A RAPID response team of care and health workers has supported struggling care homes in Swansea Bay on a daily basis since it was set up, a social services director has said.
Dave Howes said the team was started from scratch in December because the authorities were so worried that some care homes in Swansea and Neath Port Talbot could fail due to a rising number of staff self-isolating or contracting the coronavirus.
Mr Howes, Swansea Council’s director of social services, said the team had been due to operate until the end of the January but that this has been extended by a month.
He said: “We got to three weeks out from Christmas, absolutely thinking there was a real risk that one, two, three, four, five care homes might all fall over.”
The team, he said, had been used continuously in some capacity since.
“We’ve had days where four or five homes have been in real difficulties,” he said. “We’ve always managed to respond, and everyone knows who to contact.”
Mr Howes said the reduction in community transmission of Covid since the latest lockdown in Wales and the rollout of the vaccine were welcome, but that the consequences of the pre-Christmas infection surge were still working their way through the health and social care system.
Addressing a council scrutiny panel, he said: “We are far from being out of the woods.
“It’s absolutely extraordinary that we have been able to keep things going.
“January has been the hardest month that we have experienced to date.”
He added: “It’s an extremely challenging position, yet – touch wood- there haven’t been any critical failures.”
Mr Howes and Cllr Clive Lloyd, cabinet member for adult social care, paid tribute to staff for their efforts since last March.
They had been working “beyond 100%, frankly” for a long period of time, said Mr Howes.
He and Cllr Lloyd also thanked unpaid carers and relatives of elderly people whose domiciliary care provision had reduced for stepping in so that care staff could focus on those with the most pressing needs.
Mr Howes said social services were providing a “Covid response” at present which, despite the achievements staff, was “far from ideal” in the longer term.
Asked how daycare services had been affected, Mr Howes said around 120 people out of the 600 who normally accessed the service were being helped this week.

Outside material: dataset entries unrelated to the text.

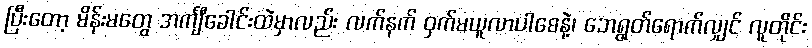
ပြီးတော့ မိန်းမတွေ အင်္ကျီခေါင်းထဲမှာလည်း လက်နက် ဝှက်မယူလာပါစေနဲ့၊ ဘေရွတ်ရောက်လျှင် လူတိုင်း
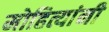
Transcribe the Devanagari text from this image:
मोहित्यांनी
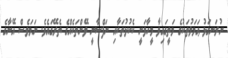
ނުރަނގަޅު ޢަމަލުތަކުގެ މަތީގައިވާ މީހާވަނީ ކެކުޅުތަކާއި ނަފްސާނީ ވޭންތަކެއްގެ ތެރޭގައެވެ. ނަމަވެސް އޭނާގެ
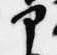
部

He hoped this would rise to around 150 shortly.
Cllr Lloyd said that around eight care homes in the two counties remained in a high-risk category and that despite the positive transmission and vaccine news, his discussions with Mr Howes last week “were as bad as at any time during the pandemic”.
In the seven days up to January 22, there were 134 confirmed cases per 100,000 population in Swansea and 187 in Neath Port Talbot. Although these numbers were considerably lower than in recent weeks, Swansea went into a local lockdown in the autumn on reaching 50 cases per 100,000.
Mr Howes said there was sufficient vaccine supply “as things stand” for Swansea and Neath Port Talbot to inoculate the top four priority groups, which include frontline health and social care staff, by mid-February as planned. This programme is being delivered by Swansea Bay University Health Board.
Councillors on the panel had contacted Mr Howes before the meeting with questions, and they were keen to relay their thanks to the staff.
Cllr Susan Jones said: “I’m sure we are going to have a need for far more support for staff in the future, and I think maybe that should be put on our work programme.”